(a) Construct a Lewis structure for \(\mathrm{O}_{2}\) in which each atom achieves an octet of electrons. (b) How many bonding electrons are in the structure? (c) Would you expect the \(\mathrm{O}-\mathrm{O}\) bond in \(\mathrm{O}_{2}\) to be shorter or longer than the \(\mathrm{O}-\mathrm{O}\) bond in compounds that contain an \(\mathrm{O}-\mathrm{O}\) single bond? Explain.
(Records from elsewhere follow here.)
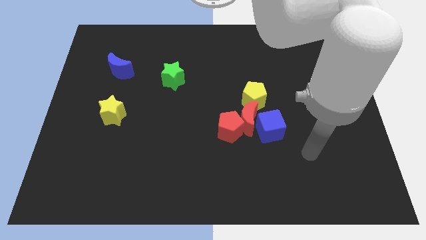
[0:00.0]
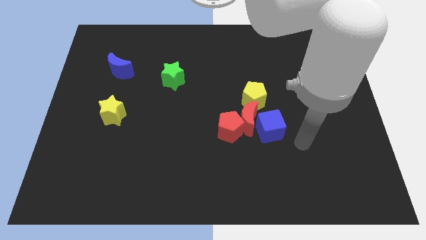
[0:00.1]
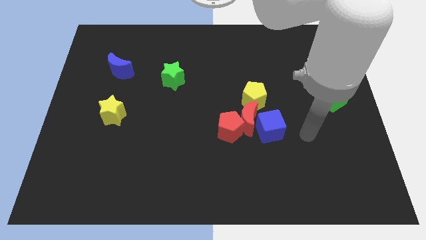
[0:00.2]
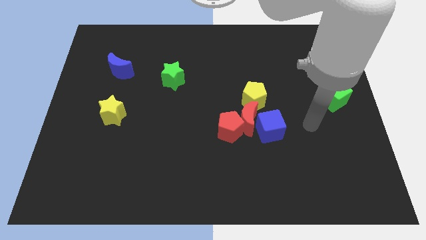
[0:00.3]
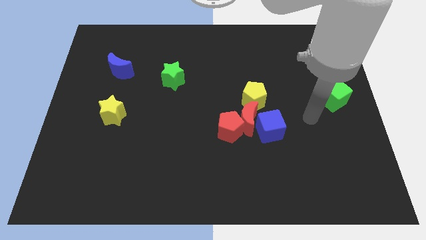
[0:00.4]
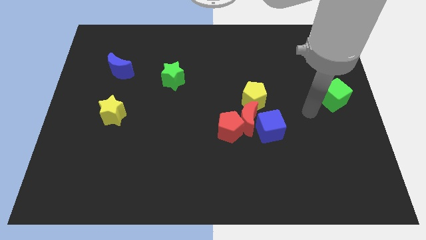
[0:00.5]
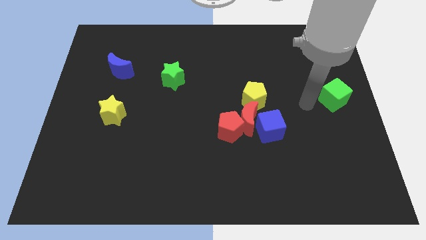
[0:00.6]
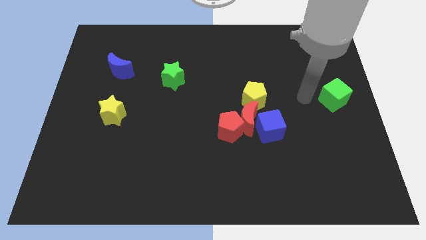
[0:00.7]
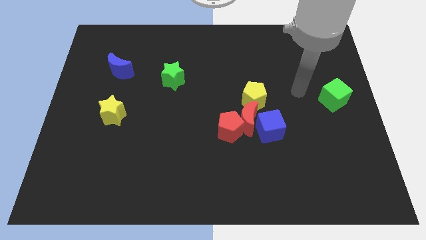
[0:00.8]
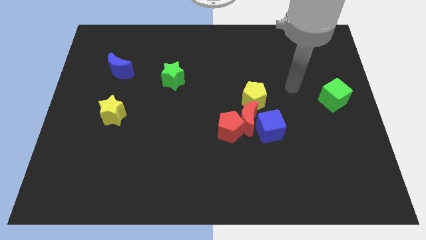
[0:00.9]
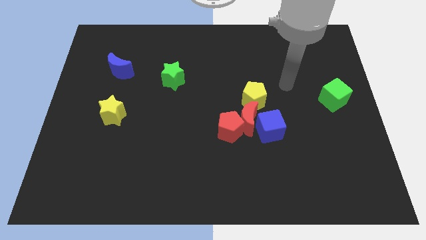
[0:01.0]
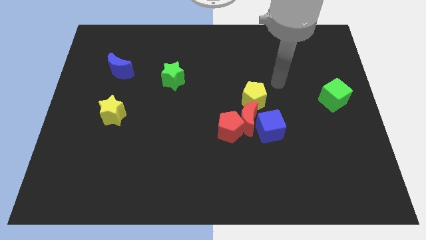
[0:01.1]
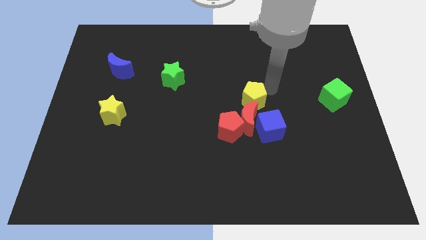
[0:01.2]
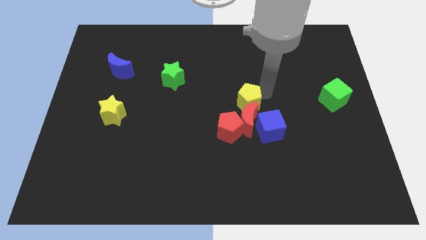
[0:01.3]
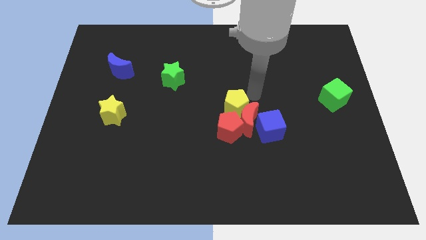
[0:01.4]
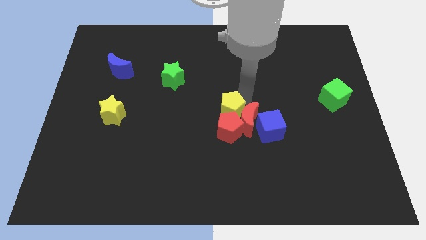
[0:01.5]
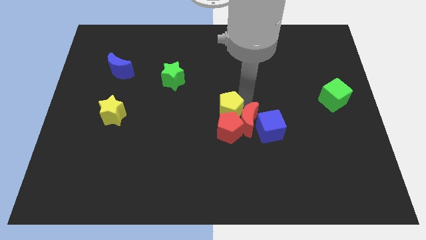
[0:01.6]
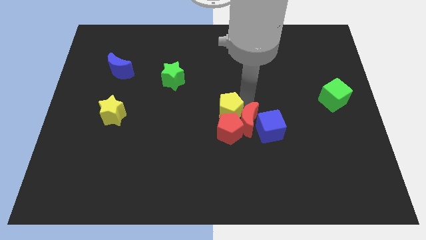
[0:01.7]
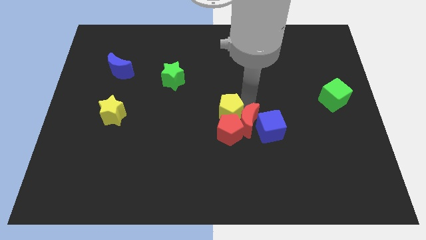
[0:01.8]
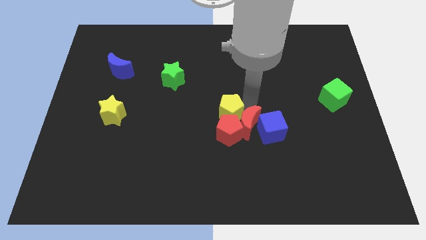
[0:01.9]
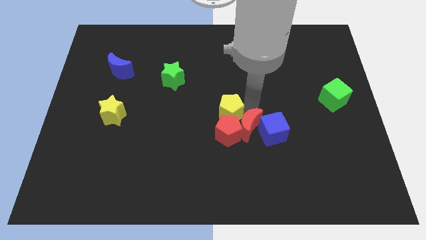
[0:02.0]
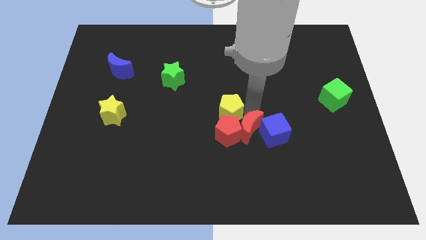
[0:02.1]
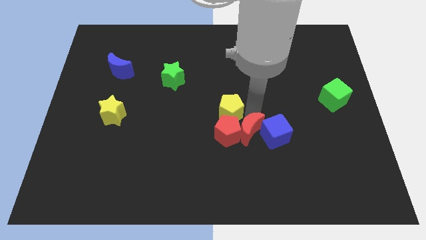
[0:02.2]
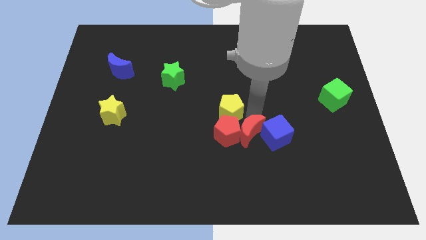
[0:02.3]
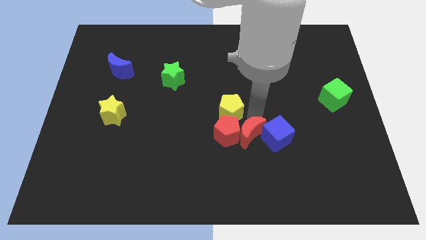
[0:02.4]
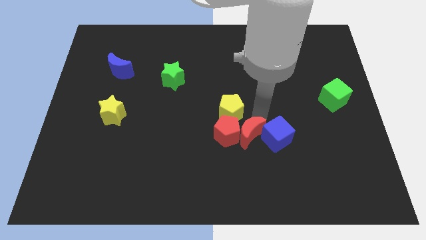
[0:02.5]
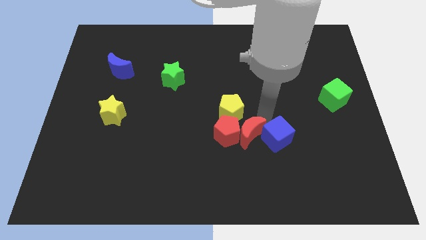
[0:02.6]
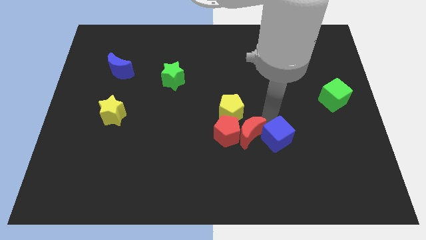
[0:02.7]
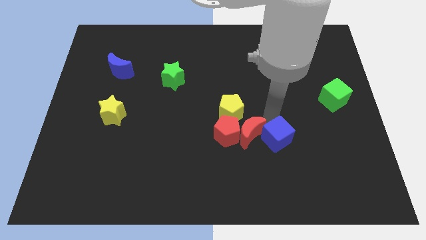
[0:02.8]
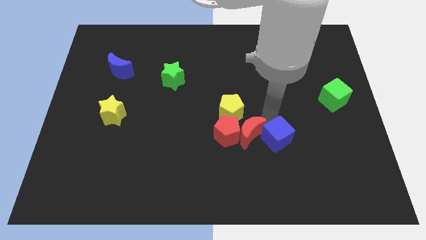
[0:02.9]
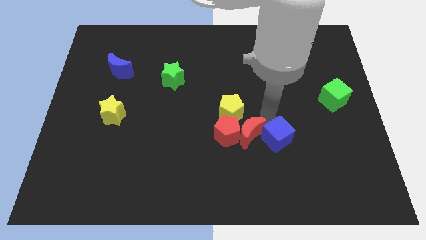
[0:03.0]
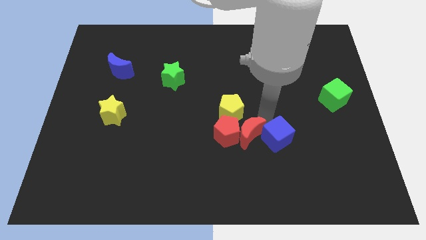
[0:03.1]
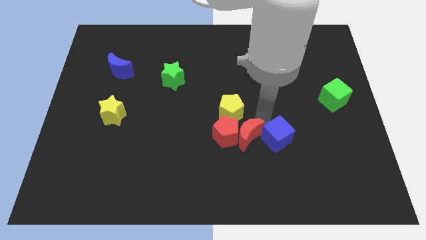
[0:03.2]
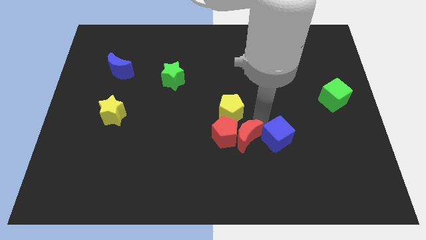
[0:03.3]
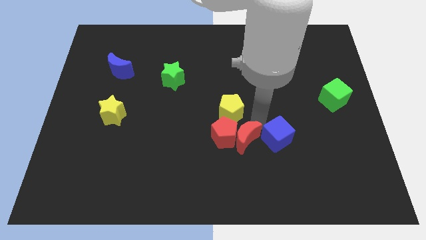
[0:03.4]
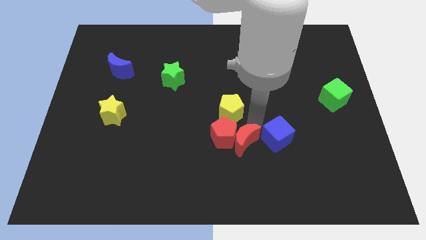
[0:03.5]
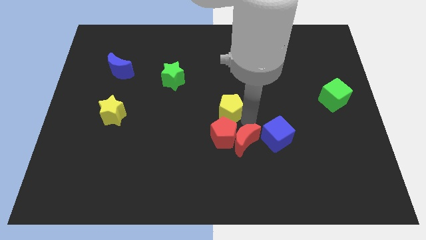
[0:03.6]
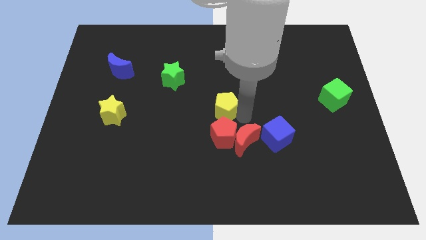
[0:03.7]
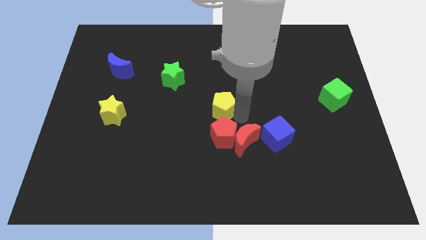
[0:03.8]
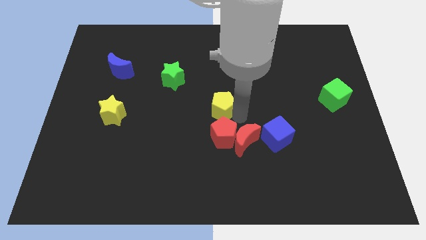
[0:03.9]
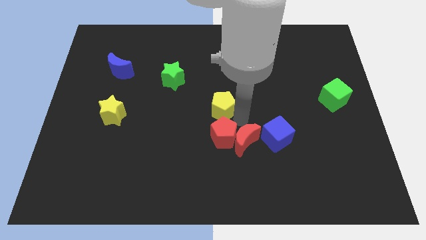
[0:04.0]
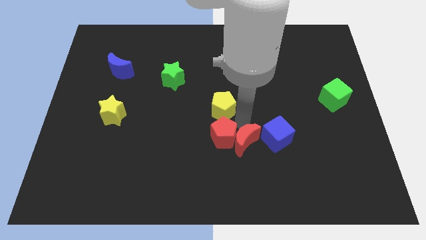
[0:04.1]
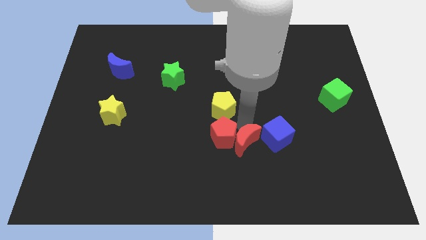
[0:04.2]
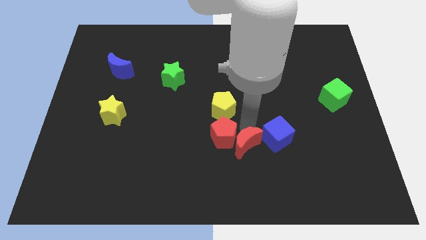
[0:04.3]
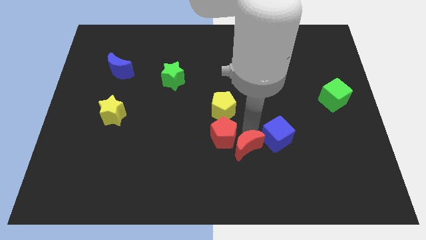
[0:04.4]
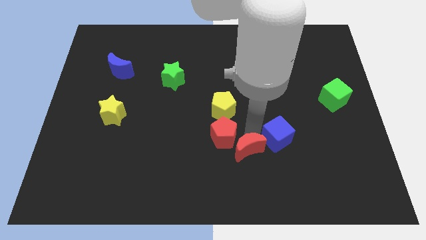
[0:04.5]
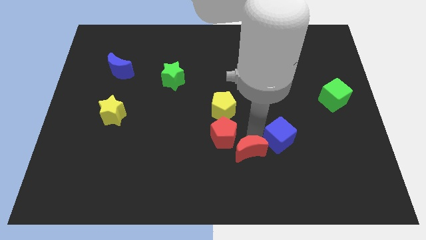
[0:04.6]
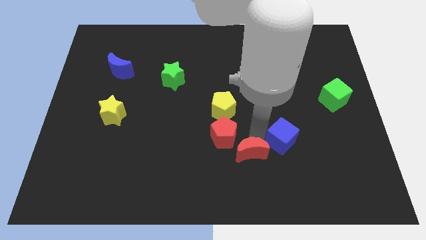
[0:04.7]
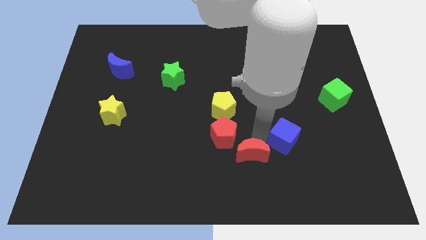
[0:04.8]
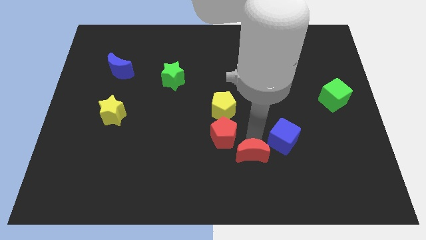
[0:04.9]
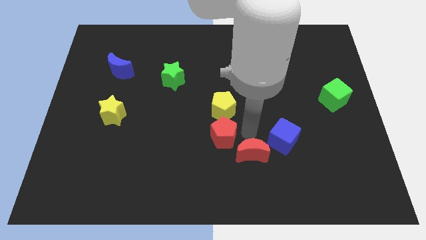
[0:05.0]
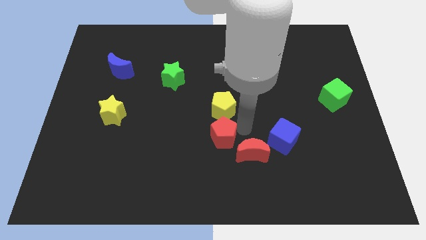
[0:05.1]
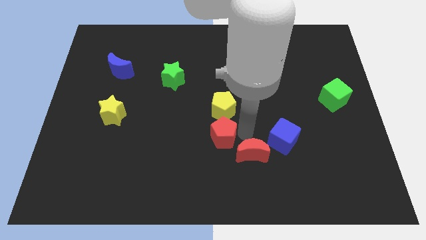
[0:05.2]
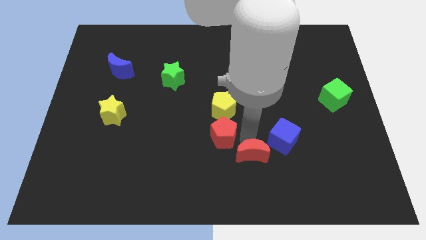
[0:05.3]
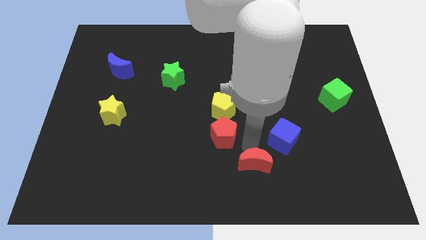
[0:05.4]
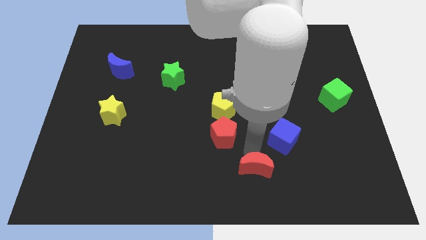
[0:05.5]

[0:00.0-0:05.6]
separate the red moon from the group of blocks

To construct the Lewis structure, we will follow these steps: 1. Determine the total number of valence electrons. Oxygen has 4 electron pairs (8 valence electrons). Since there are two oxygen atoms, the total number of valence electrons is 16. 2. Place the two oxygen atoms next to each other and join them with a single bond, using 2 of the 16 valence electrons. 3. Distribute the remaining 14 valence electrons around the oxygen atoms as lone pairs in order to achieve an octet of electrons for each atom: - Atom 1: (already has 2 shared electrons) + 6 lone electrons = 8 - Atom 2: (already has 2 shared electrons) + 6 lone electrons = 8 4. If an octet is not achieved, connect the atoms with more bonds. The Lewis structure for \(\mathrm{O}_{2}\) is: O = O / \ (o) (o)
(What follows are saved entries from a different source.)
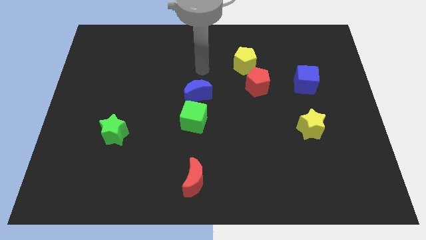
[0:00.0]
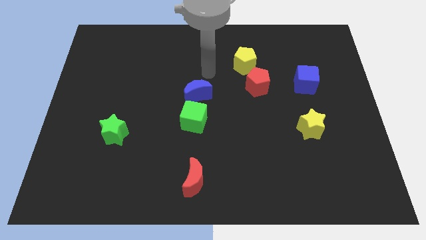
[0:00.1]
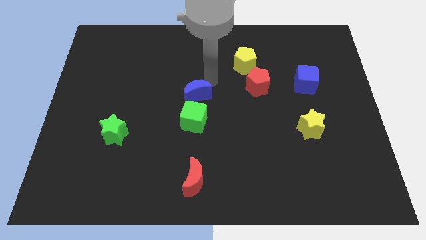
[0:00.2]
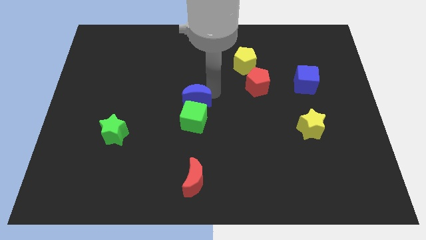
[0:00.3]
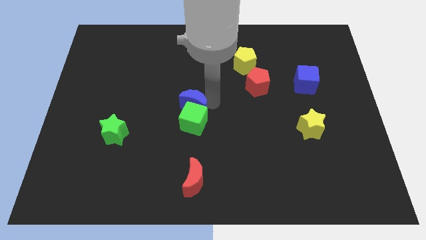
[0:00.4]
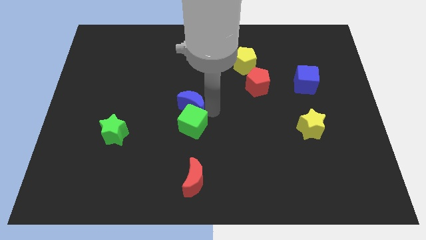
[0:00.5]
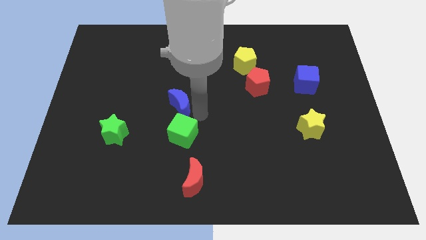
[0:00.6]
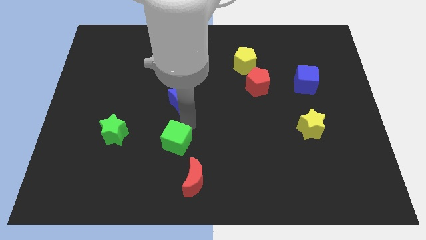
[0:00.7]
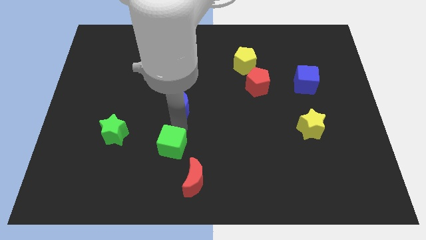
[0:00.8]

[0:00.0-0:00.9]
move the blue moon away from the green cube

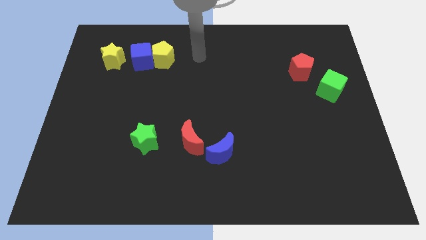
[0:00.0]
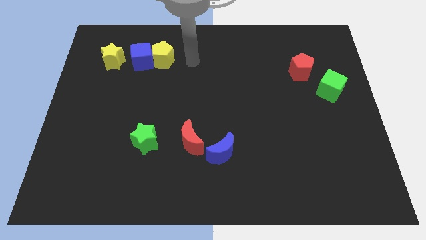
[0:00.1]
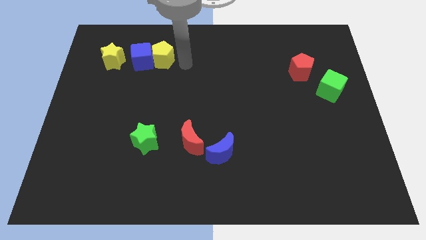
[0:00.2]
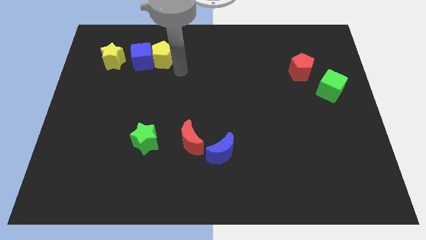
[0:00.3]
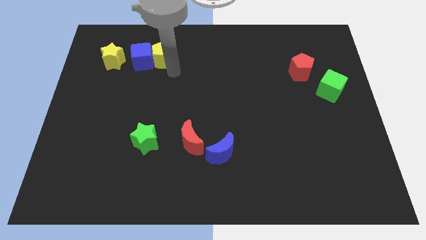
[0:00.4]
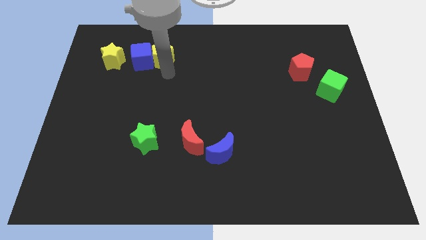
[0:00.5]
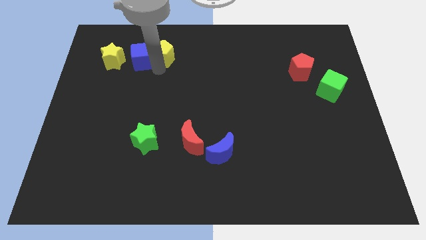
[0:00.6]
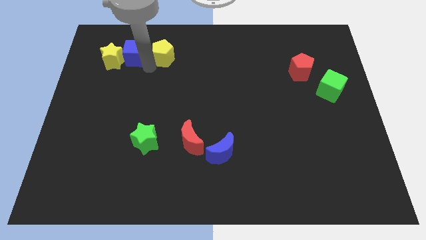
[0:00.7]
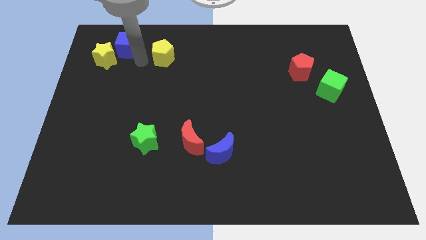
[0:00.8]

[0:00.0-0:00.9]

In the given Lewis structure, there are two bonding electron pairs (equivalent to a double bond) between the oxygen atoms. Therefore, there are 4 bonding electrons in the structure.

In general, multiple bonds between atoms (double and triple bonds) are shorter than single bonds because the increased bonding forces pull the atoms closer together. Since \(\mathrm{O}_{2}\) has a double bond between the oxygen atoms, we would expect the \(\mathrm{O}-\mathrm{O}\) bond in \(\mathrm{O}_{2}\) to be shorter than the \(\mathrm{O}-\mathrm{O}\) bond in compounds containing an \(\mathrm{O}-\mathrm{O}\) single bond.